____ Information shown

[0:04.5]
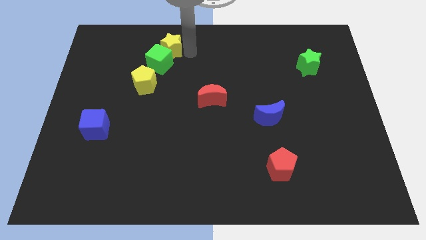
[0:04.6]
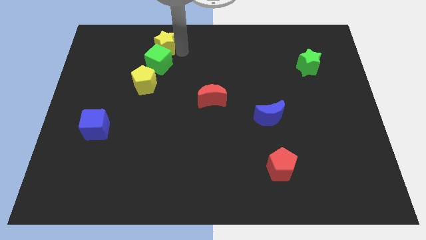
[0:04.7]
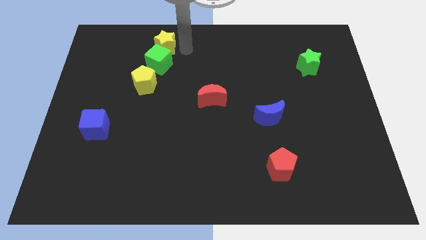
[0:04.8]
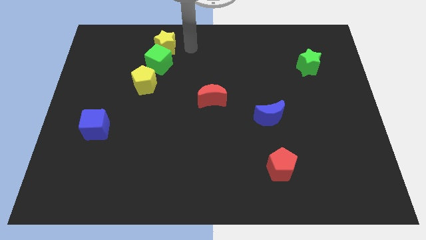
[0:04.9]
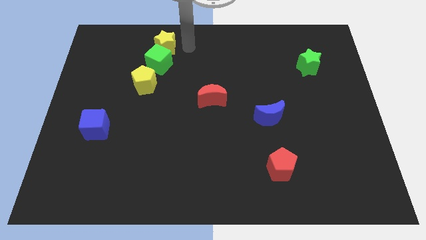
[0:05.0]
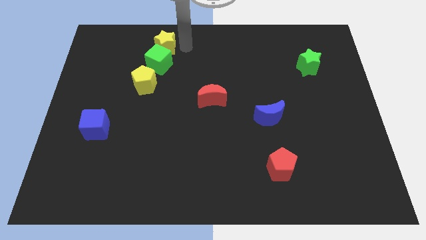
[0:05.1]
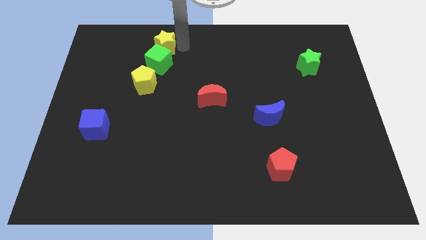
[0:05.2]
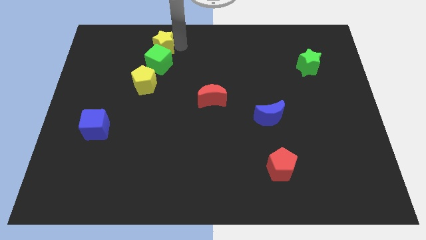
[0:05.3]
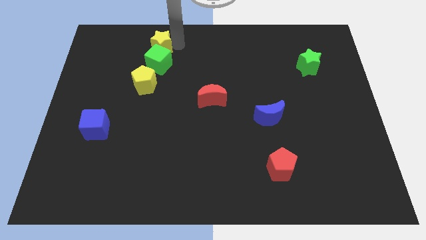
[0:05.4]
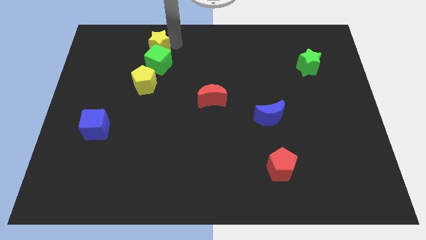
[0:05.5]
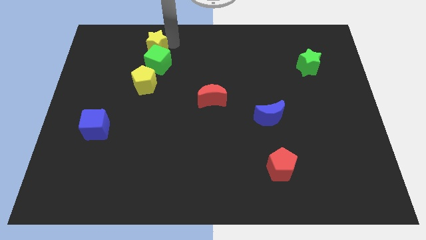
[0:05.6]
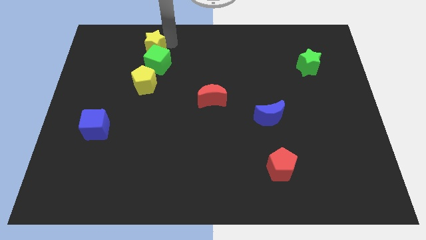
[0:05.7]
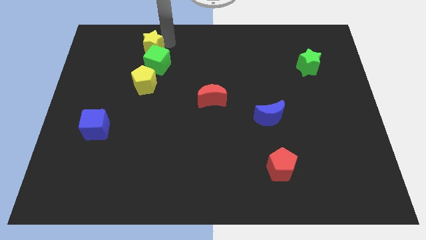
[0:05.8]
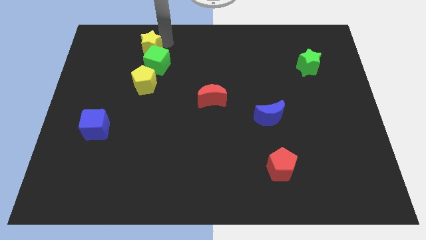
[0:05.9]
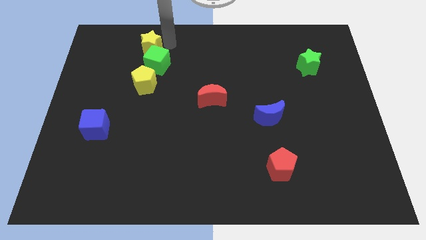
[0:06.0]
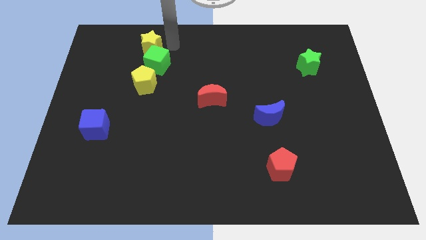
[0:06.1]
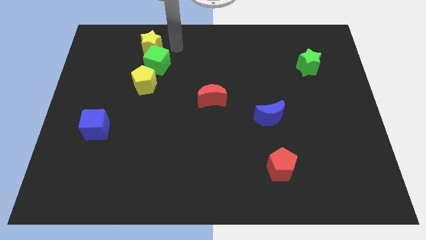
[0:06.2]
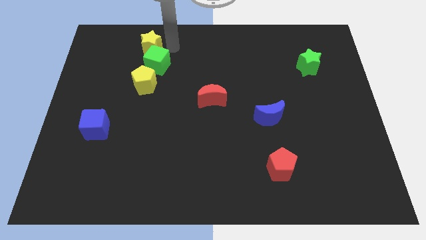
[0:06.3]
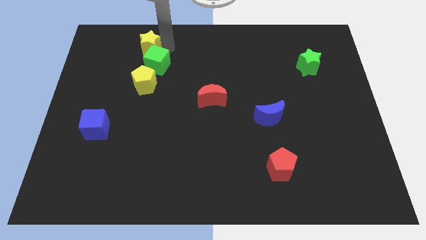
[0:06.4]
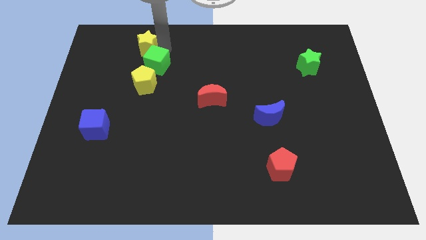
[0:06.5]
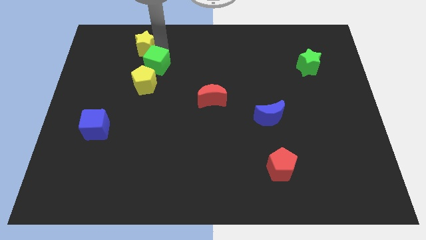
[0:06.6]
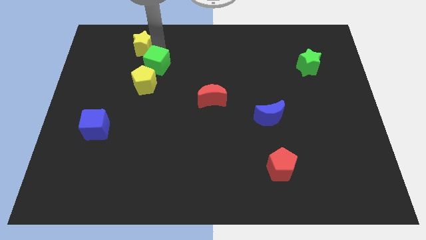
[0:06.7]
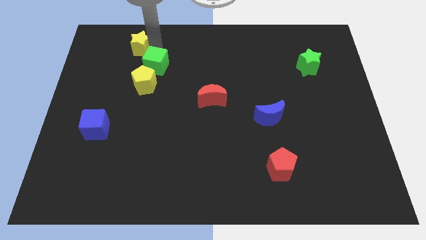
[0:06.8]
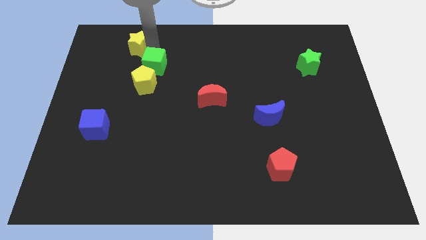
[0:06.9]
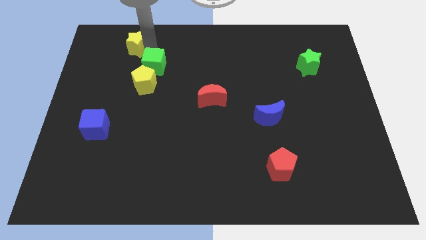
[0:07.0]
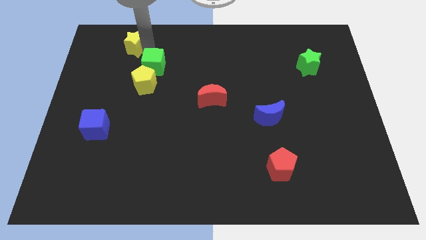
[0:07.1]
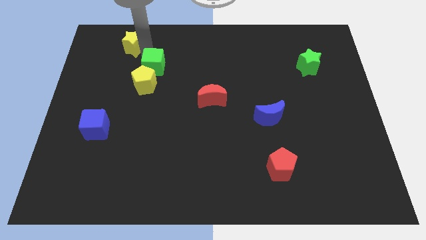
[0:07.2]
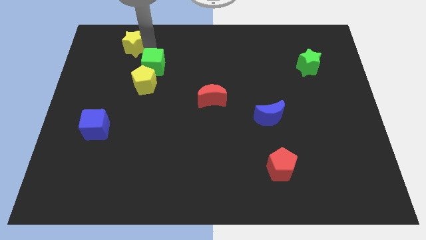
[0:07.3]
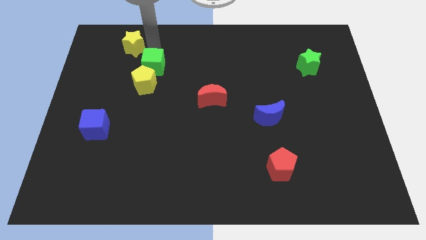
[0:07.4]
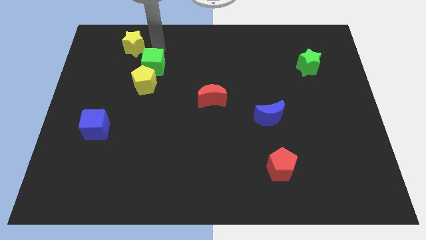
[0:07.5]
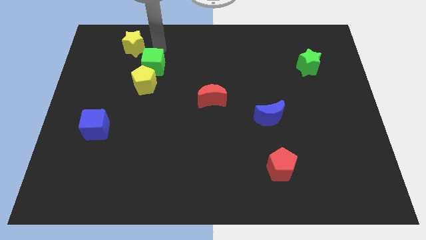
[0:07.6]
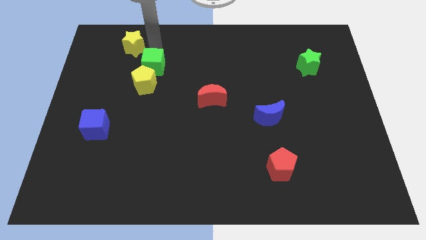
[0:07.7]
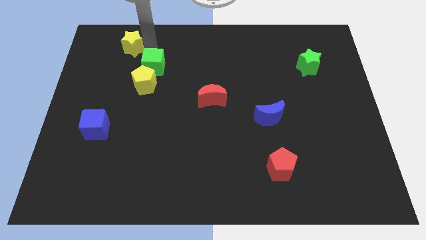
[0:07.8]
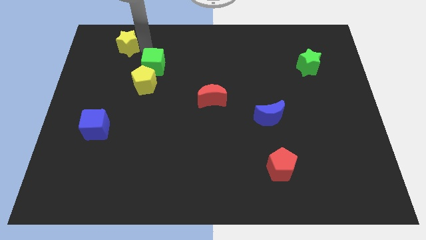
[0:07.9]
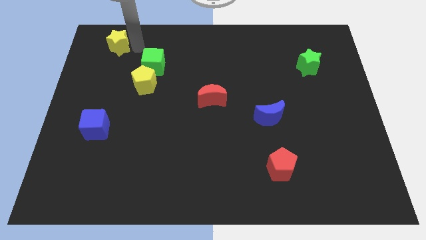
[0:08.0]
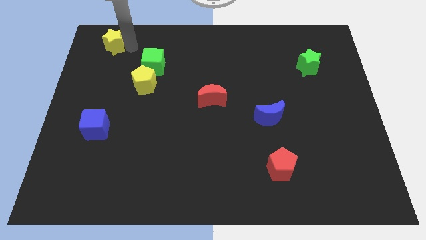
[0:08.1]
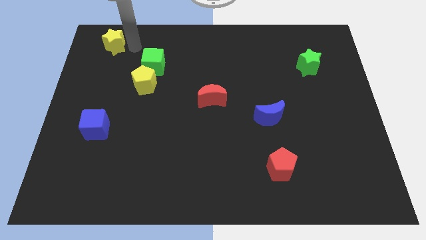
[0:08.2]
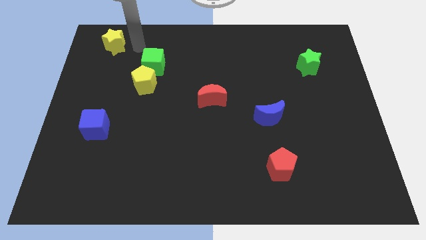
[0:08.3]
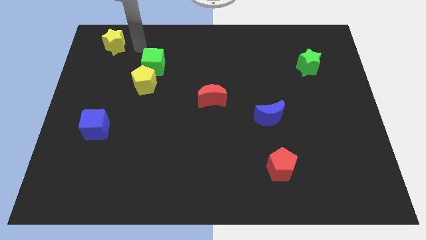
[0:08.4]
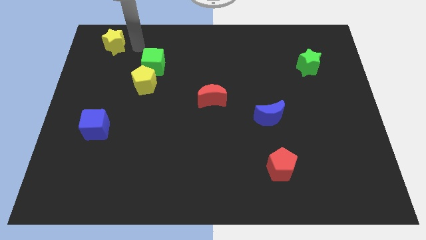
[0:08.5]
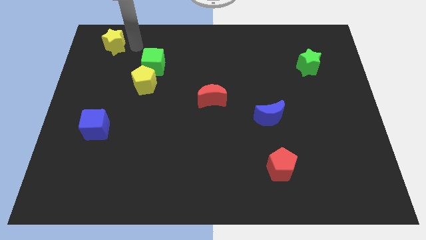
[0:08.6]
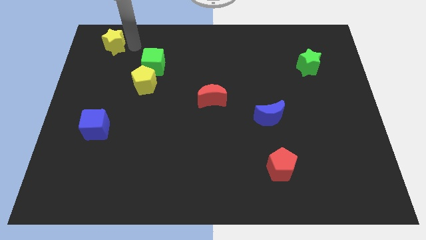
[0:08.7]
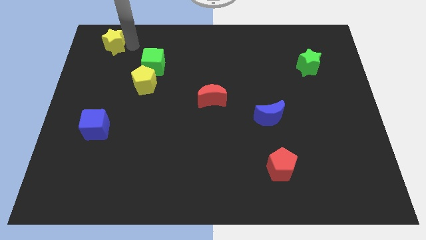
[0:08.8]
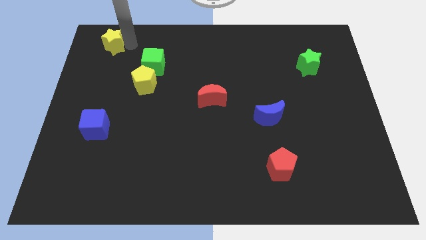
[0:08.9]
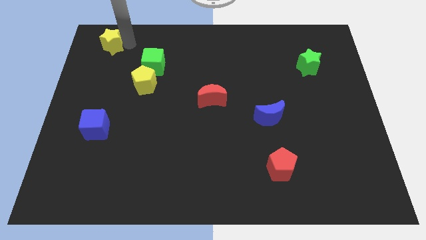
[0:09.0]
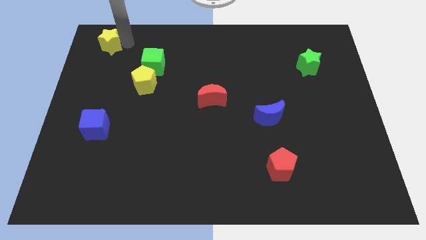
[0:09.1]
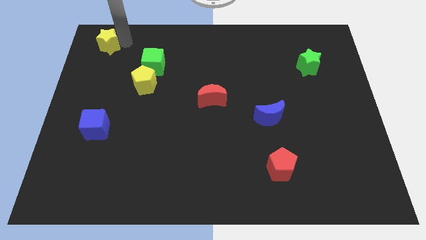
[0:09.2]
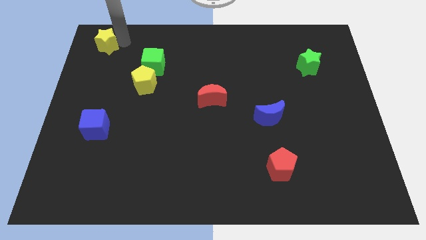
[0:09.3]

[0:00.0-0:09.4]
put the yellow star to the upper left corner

________

Retype the entries above word for word, minus any images.

● Result of the task
[0:04.5]
[0:04.6]
[0:04.7]
[0:04.8]
[0:04.9]
[0:05.0]
[0:05.1]
[0:05.2]
[0:05.3]
[0:05.4]
[0:05.5]
[0:05.6]
[0:05.7]
[0:05.8]
[0:05.9]
[0:06.0]
[0:06.1]
[0:06.2]
[0:06.3]
[0:06.4]
[0:06.5]
[0:06.6]
[0:06.7]
[0:06.8]
[0:06.9]
[0:07.0]
[0:07.1]
[0:07.2]
[0:07.3]
[0:07.4]
[0:07.5]
[0:07.6]
[0:07.7]
[0:07.8]
[0:07.9]
[0:08.0]
[0:08.1]
[0:08.2]
[0:08.3]
[0:08.4]
[0:08.5]
[0:08.6]
[0:08.7]
[0:08.8]
[0:08.9]
[0:09.0]
[0:09.1]
[0:09.2]
[0:09.3]

[0:00.0-0:09.4]
put the yellow star to the upper left corner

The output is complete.